Title: Not Yet by Lightning

Chapter: Nineteen

Author: Jade Sabre

Notes: So, I'm late again, but I've been wrestling with the end of this chapter ever since I wrote it, and I finally made myself quit tweaking it and send it out for the world to see, so, be gentle but do tell me what you think.

Also, I'm heading out of the country; hopefully I will still be able to update on a regular basis, but this is just a warning ahead of time in case that doesn't happen.

Thirdly, I'm pleased to announce that I've gotten my other NWN 2 fic back from my beta, and that once I'm done posting this one, I'll be able to start posting that one.

On a fourth note, there's only three chapters left! And I know the timing in this one is a little off, maybe, from what the game's timing is, but I wrote it without the game on hand to reference, so…hooray for artistic license.

Finally, I love reviews, and I really do appreciate every single one I've gotten.

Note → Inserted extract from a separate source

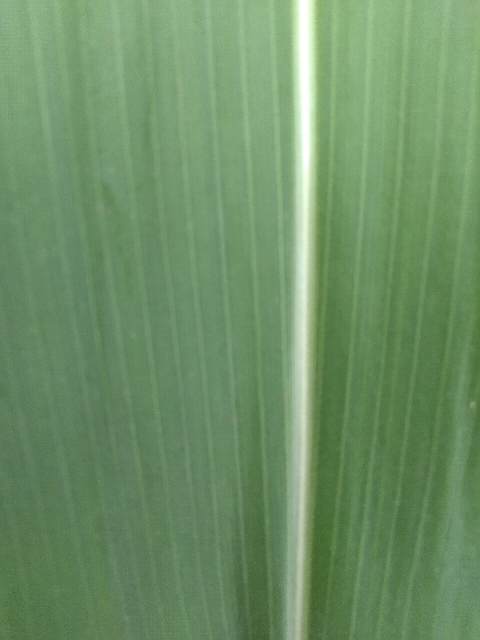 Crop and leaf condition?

maize, healthy

Thanks for sticking with me this far; the end is in sight!

Disclaimer: I don't own Neverwinter Nights, or any of its sequels or expansions, or any of the characters contained herein, aside from my PC, who was created on a Bioware engine and thus probably therefore partially belongs to them too.


19

"We should have a calm night," Kana said at the debriefing. "Their troops are too far away, and they won't risk moving in the daylight—even if they do, it will be tomorrow night before they reach the Keep."

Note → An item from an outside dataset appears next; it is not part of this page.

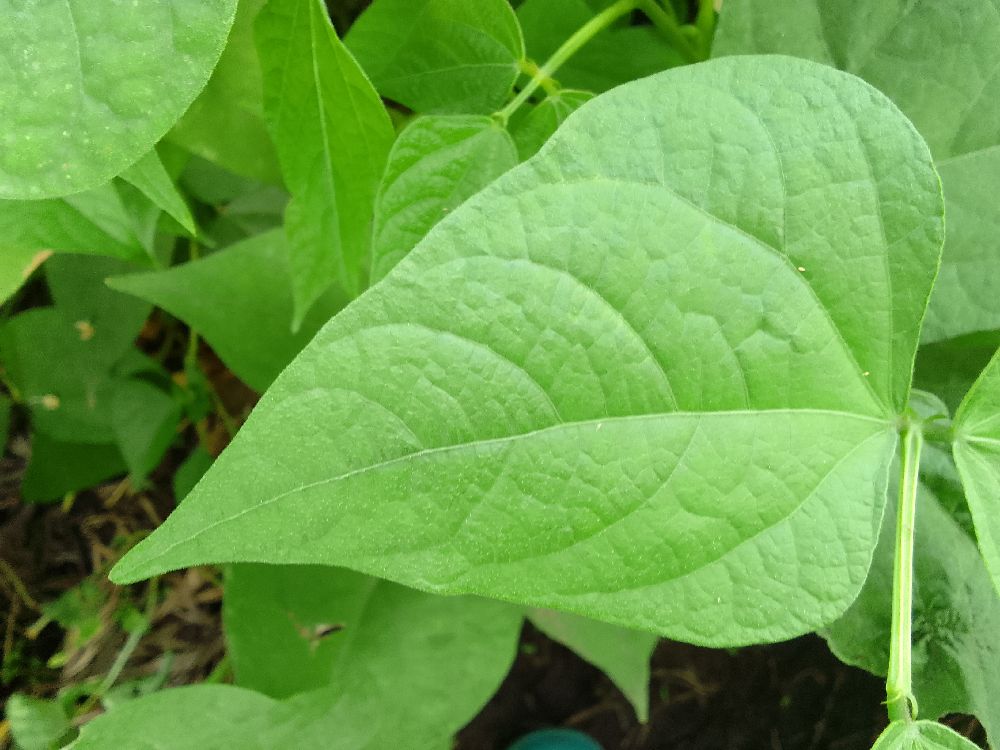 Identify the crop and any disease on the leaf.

common bean, healthy

"Thank the gods," Bevil said, running a hand over his jaw. "The men could use this night off."

"We all could," Laura said, feeling her fatigue pressing in at the edges of her vision. "Tell as many soldiers as possible to stand down, and make the sentry shifts as short as possible. Keep the gates open so the patrols can come in and out as much as needed; I want everyone to get as much rest as they can tonight."

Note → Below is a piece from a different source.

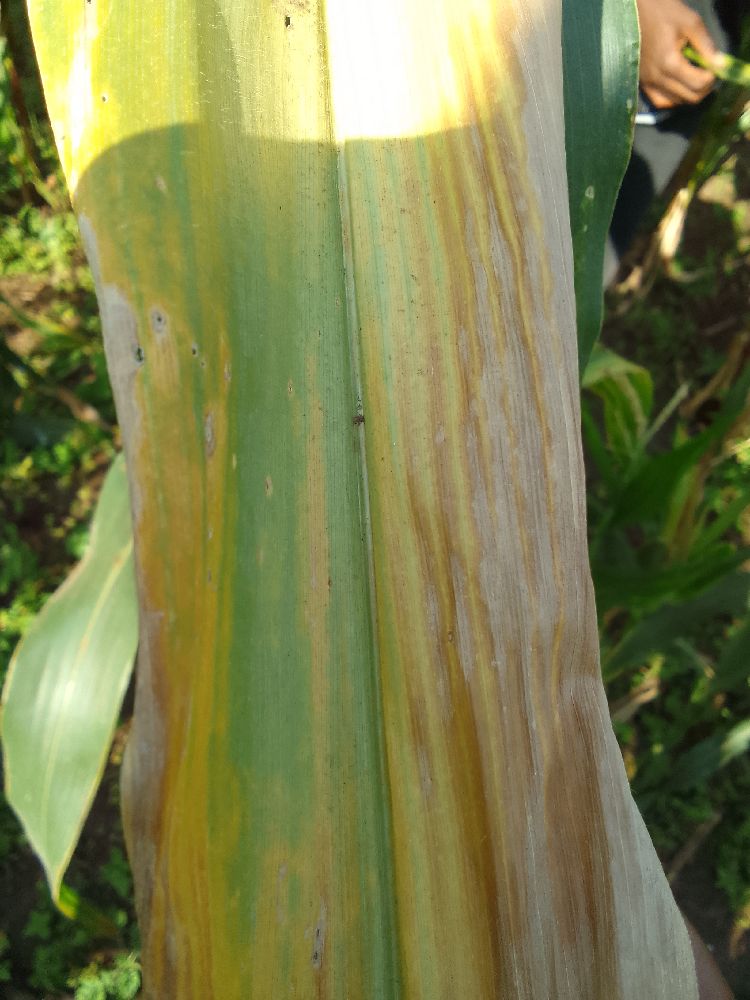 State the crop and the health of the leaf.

maize, maize lethal necrosis

"Of course, Knight Captain," Kana said. Laura was almost too tired to restrain a grimace at the title, and settled for a wince instead. "Is there anything else?"

"Not unless you have anything," she said. Kana shook her head. "Well, then. Goodnight, everyone."

The chairs creaked as they were pushed back against the stone floors; her companions stretched, starting to murmur among themselves as they slowly got to their feet. The exhaustion in the room was palatable, and Laura just wanted to get out and crawl into her bed and sleep until tomorrow came. Or perhaps the tomorrow after that. Things were quickly spiraling out of control; she couldn't dictate when they brought the war to her, or how quickly Aldanon would be able to crack the ancient scripts that would give them access into the Mere, and she longed for some semblance of order to her life.

"My lady?"

Casavir, of course, standing at her shoulder. She straightened and glanced at him out of the corner of her eye. He'd had a long, hard battle today, and he'd constantly held her back when she'd felt her guard starting to slip. She couldn't quite see his face, but there was a new kind of tension in the way he held himself near her—close, but not too close.

"Yes, Casavir?" she said, trying to sound simultaneously interested and weary.

"Might I have a word with you?"

"Yes?"

There was a pause; she didn't move, though she really wanted to rub her temples, and he finally said, "Perhaps…in private?"

She couldn't keep her mouth from dropping open, though she held it from being too obvious, and let her breath out in one quick whoosh. "Of course," she said, her voice steady.

"Perhaps on the walls," came his voice, once again calm and quiet. "It is a lovely evening."

She caught sight of Bishop, then, lurking in his corner with an ugly look on his face. When he saw her looking he replaced it with one of the worst smiles she'd ever seen, and she was almost too tired to keep the despair from her face. She looked away, swallowed, and said, "Lead on."

She followed him out of the war council room and down the stone hallways, past men hurrying to and fro with messages and orders and the other necessary essentials of running a keep; she wanted to stop them and shake them and tell them to go to bed. Instead, she followed the tall, broad-shouldered paladin with grey streaks in his black hair out to the outer walls of her keep. He chose the eastern wall, away from the majority of the sentries, and she followed him without a word.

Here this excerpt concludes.